Collected data entries:

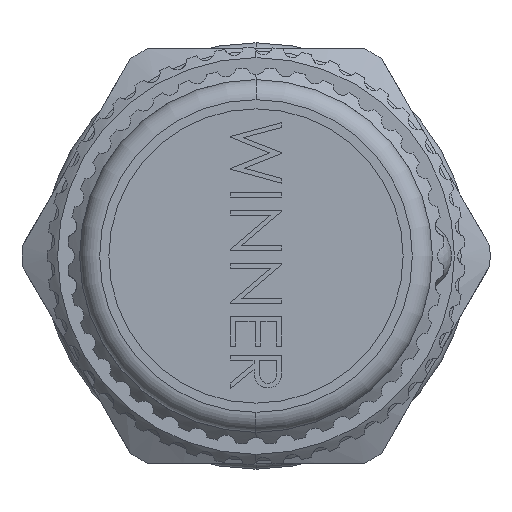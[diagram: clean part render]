
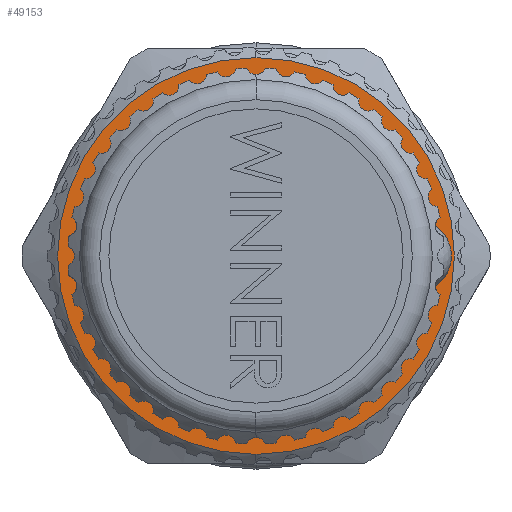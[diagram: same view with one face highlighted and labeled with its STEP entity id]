
A CAD part, left-side view. The second image highlights one B-rep face of the part: STEP entity #49153.
In plain terms, the highlighted planar face has unit normal (-1, 0, 0).
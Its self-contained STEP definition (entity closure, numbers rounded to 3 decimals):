
#945 = CARTESIAN_POINT ( 'NONE',  ( -16.4, 0., 0. ) ) ;
#3173 = EDGE_CURVE ( 'NONE', #14062, #14103, #56296, .T. ) ;
#4102 = CARTESIAN_POINT ( 'NONE',  ( -16.4, 0., 0. ) ) ;
#5403 = DIRECTION ( 'NONE',  ( 0., 0., -1. ) ) ;
#7410 = AXIS2_PLACEMENT_3D ( 'NONE', #945, #14496, #5403 ) ;
#8846 = EDGE_LOOP ( 'NONE', ( #10457, #29391 ) ) ;
#9059 = CARTESIAN_POINT ( 'NONE',  ( -16.4, 0., 15.3 ) ) ;
#9622 = ORIENTED_EDGE ( 'NONE', *, *, #58119, .T. ) ;
#10457 = ORIENTED_EDGE ( 'NONE', *, *, #22256, .F. ) ;
#11112 = DIRECTION ( 'NONE',  ( -1., 0., 0. ) ) ;
#11136 = AXIS2_PLACEMENT_3D ( 'NONE', #57235, #43811, #52750 ) ;
#14062 = VERTEX_POINT ( 'NONE', #15945 ) ;
#14103 = VERTEX_POINT ( 'NONE', #9059 ) ;
#14496 = DIRECTION ( 'NONE',  ( -1., 0., 0. ) ) ;
#14543 = CARTESIAN_POINT ( 'NONE',  ( -16.4, 0., -8.56 ) ) ;
#15945 = CARTESIAN_POINT ( 'NONE',  ( -16.4, 0., -15.3 ) ) ;
#16728 = VERTEX_POINT ( 'NONE', #21139 ) ;
#18066 = DIRECTION ( 'NONE',  ( 0., 0., -1. ) ) ;
#18597 = ORIENTED_EDGE ( 'NONE', *, *, #3173, .T. ) ;
#19577 = FACE_BOUND ( 'NONE', #8846, .T. ) ;
#20279 = EDGE_CURVE ( 'NONE', #16728, #48280, #25380, .T. ) ;
#21139 = CARTESIAN_POINT ( 'NONE',  ( -16.4, 0., 8.56 ) ) ;
#22121 = CARTESIAN_POINT ( 'NONE',  ( -16.4, 0., 0. ) ) ;
#22256 = EDGE_CURVE ( 'NONE', #48280, #16728, #53568, .T. ) ;
#24482 = AXIS2_PLACEMENT_3D ( 'NONE', #29193, #11112, #43189 ) ;
#25380 = CIRCLE ( 'NONE', #24482, 8.56 ) ;
#26816 = DIRECTION ( 'NONE',  ( 0., 0., -1. ) ) ;
#29193 = CARTESIAN_POINT ( 'NONE',  ( -16.4, 0., 0. ) ) ;
#29391 = ORIENTED_EDGE ( 'NONE', *, *, #20279, .F. ) ;
#32109 = DIRECTION ( 'NONE',  ( -1., 0., 0. ) ) ;
#35156 = EDGE_LOOP ( 'NONE', ( #9622, #18597 ) ) ;
#38365 = CIRCLE ( 'NONE', #7410, 15.3 ) ;
#40440 = AXIS2_PLACEMENT_3D ( 'NONE', #22121, #54627, #26816 ) ;
#41357 = FACE_OUTER_BOUND ( 'NONE', #35156, .T. ) ;
#43189 = DIRECTION ( 'NONE',  ( 0., 0., -1. ) ) ;
#43811 = DIRECTION ( 'NONE',  ( -1., 0., 0. ) ) ;
#48280 = VERTEX_POINT ( 'NONE', #14543 ) ;
#49153 = ADVANCED_FACE ( 'NONE', ( #19577, #41357 ), #58336, .T. ) ;
#52750 = DIRECTION ( 'NONE',  ( 0., 0., -1. ) ) ;
#53568 = CIRCLE ( 'NONE', #40440, 8.56 ) ;
#54627 = DIRECTION ( 'NONE',  ( -1., 0., 0. ) ) ;
#56232 = AXIS2_PLACEMENT_3D ( 'NONE', #4102, #32109, #18066 ) ;
#56296 = CIRCLE ( 'NONE', #11136, 15.3 ) ;
#57235 = CARTESIAN_POINT ( 'NONE',  ( -16.4, 0., 0. ) ) ;
#58119 = EDGE_CURVE ( 'NONE', #14103, #14062, #38365, .T. ) ;
#58336 = PLANE ( 'NONE',  #56232 ) ;

# TO DO
Working down from the line that contains "#43189 = DIRECTION", retype each line exactly through the last line of the data, and give nothing else.

# TASK SOLUTION
#43189 = DIRECTION ( 'NONE',  ( 0., 0., -1. ) ) ;
#43811 = DIRECTION ( 'NONE',  ( -1., 0., 0. ) ) ;
#48280 = VERTEX_POINT ( 'NONE', #14543 ) ;
#49153 = ADVANCED_FACE ( 'NONE', ( #19577, #41357 ), #58336, .T. ) ;
#52750 = DIRECTION ( 'NONE',  ( 0., 0., -1. ) ) ;
#53568 = CIRCLE ( 'NONE', #40440, 8.56 ) ;
#54627 = DIRECTION ( 'NONE',  ( -1., 0., 0. ) ) ;
#56232 = AXIS2_PLACEMENT_3D ( 'NONE', #4102, #32109, #18066 ) ;
#56296 = CIRCLE ( 'NONE', #11136, 15.3 ) ;
#57235 = CARTESIAN_POINT ( 'NONE',  ( -16.4, 0., 0. ) ) ;
#58119 = EDGE_CURVE ( 'NONE', #14103, #14062, #38365, .T. ) ;
#58336 = PLANE ( 'NONE',  #56232 ) ;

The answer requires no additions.